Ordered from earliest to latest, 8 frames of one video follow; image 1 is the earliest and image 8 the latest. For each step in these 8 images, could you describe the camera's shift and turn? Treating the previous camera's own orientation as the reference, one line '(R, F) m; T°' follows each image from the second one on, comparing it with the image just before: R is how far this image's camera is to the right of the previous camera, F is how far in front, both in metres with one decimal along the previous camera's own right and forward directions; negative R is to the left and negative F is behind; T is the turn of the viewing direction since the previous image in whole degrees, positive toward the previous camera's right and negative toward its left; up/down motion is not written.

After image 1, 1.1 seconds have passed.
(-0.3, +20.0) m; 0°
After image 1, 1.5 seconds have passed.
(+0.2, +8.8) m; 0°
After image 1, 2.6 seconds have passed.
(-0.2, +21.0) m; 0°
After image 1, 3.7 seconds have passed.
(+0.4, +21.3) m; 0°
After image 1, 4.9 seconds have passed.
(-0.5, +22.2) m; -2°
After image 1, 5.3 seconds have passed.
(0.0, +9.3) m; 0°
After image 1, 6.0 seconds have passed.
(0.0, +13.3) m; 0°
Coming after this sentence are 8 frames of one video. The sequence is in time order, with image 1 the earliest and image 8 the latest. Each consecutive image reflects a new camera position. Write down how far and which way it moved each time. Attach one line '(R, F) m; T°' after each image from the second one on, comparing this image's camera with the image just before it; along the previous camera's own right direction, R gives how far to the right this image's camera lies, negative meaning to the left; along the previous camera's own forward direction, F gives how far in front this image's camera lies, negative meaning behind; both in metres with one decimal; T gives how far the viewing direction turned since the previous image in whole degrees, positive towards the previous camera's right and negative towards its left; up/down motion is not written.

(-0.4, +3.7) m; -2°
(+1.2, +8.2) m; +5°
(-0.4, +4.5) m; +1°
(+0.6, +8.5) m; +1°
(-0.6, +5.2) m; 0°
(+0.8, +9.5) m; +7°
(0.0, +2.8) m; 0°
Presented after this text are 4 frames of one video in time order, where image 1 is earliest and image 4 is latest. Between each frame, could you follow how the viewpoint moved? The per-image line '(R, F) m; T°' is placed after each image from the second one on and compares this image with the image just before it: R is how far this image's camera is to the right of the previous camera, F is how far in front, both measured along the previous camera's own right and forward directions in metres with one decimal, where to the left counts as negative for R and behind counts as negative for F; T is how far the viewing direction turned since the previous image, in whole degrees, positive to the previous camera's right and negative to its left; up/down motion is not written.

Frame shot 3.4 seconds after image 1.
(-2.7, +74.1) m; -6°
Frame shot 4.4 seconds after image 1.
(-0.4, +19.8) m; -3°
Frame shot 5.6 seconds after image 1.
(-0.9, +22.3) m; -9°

***

* Goal of the exercise
Output the data above in full and exactly.

* Output below
Ordered from earliest to latest, 8 frames of one video follow; image 1 is the earliest and image 8 the latest. For each step in these 8 images, could you describe the camera's shift and turn? Treating the previous camera's own orientation as the reference, one line '(R, F) m; T°' follows each image from the second one on, comparing it with the image just before: R is how far this image's camera is to the right of the previous camera, F is how far in front, both in metres with one decimal along the previous camera's own right and forward directions; negative R is to the left and negative F is behind; T is the turn of the viewing direction since the previous image in whole degrees, positive toward the previous camera's right and negative toward its left; up/down motion is not written.

After image 1, 1.1 seconds have passed.
(-0.3, +20.0) m; 0°
After image 1, 1.5 seconds have passed.
(+0.2, +8.8) m; 0°
After image 1, 2.6 seconds have passed.
(-0.2, +21.0) m; 0°
After image 1, 3.7 seconds have passed.
(+0.4, +21.3) m; 0°
After image 1, 4.9 seconds have passed.
(-0.5, +22.2) m; -2°
After image 1, 5.3 seconds have passed.
(0.0, +9.3) m; 0°
After image 1, 6.0 seconds have passed.
(0.0, +13.3) m; 0°
Coming after this sentence are 8 frames of one video. The sequence is in time order, with image 1 the earliest and image 8 the latest. Each consecutive image reflects a new camera position. Write down how far and which way it moved each time. Attach one line '(R, F) m; T°' after each image from the second one on, comparing this image's camera with the image just before it; along the previous camera's own right direction, R gives how far to the right this image's camera lies, negative meaning to the left; along the previous camera's own forward direction, F gives how far in front this image's camera lies, negative meaning behind; both in metres with one decimal; T gives how far the viewing direction turned since the previous image in whole degrees, positive towards the previous camera's right and negative towards its left; up/down motion is not written.

(-0.4, +3.7) m; -2°
(+1.2, +8.2) m; +5°
(-0.4, +4.5) m; +1°
(+0.6, +8.5) m; +1°
(-0.6, +5.2) m; 0°
(+0.8, +9.5) m; +7°
(0.0, +2.8) m; 0°
Presented after this text are 4 frames of one video in time order, where image 1 is earliest and image 4 is latest. Between each frame, could you follow how the viewpoint moved? The per-image line '(R, F) m; T°' is placed after each image from the second one on and compares this image with the image just before it: R is how far this image's camera is to the right of the previous camera, F is how far in front, both measured along the previous camera's own right and forward directions in metres with one decimal, where to the left counts as negative for R and behind counts as negative for F; T is how far the viewing direction turned since the previous image, in whole degrees, positive to the previous camera's right and negative to its left; up/down motion is not written.

Frame shot 3.4 seconds after image 1.
(-2.7, +74.1) m; -6°
Frame shot 4.4 seconds after image 1.
(-0.4, +19.8) m; -3°
Frame shot 5.6 seconds after image 1.
(-0.9, +22.3) m; -9°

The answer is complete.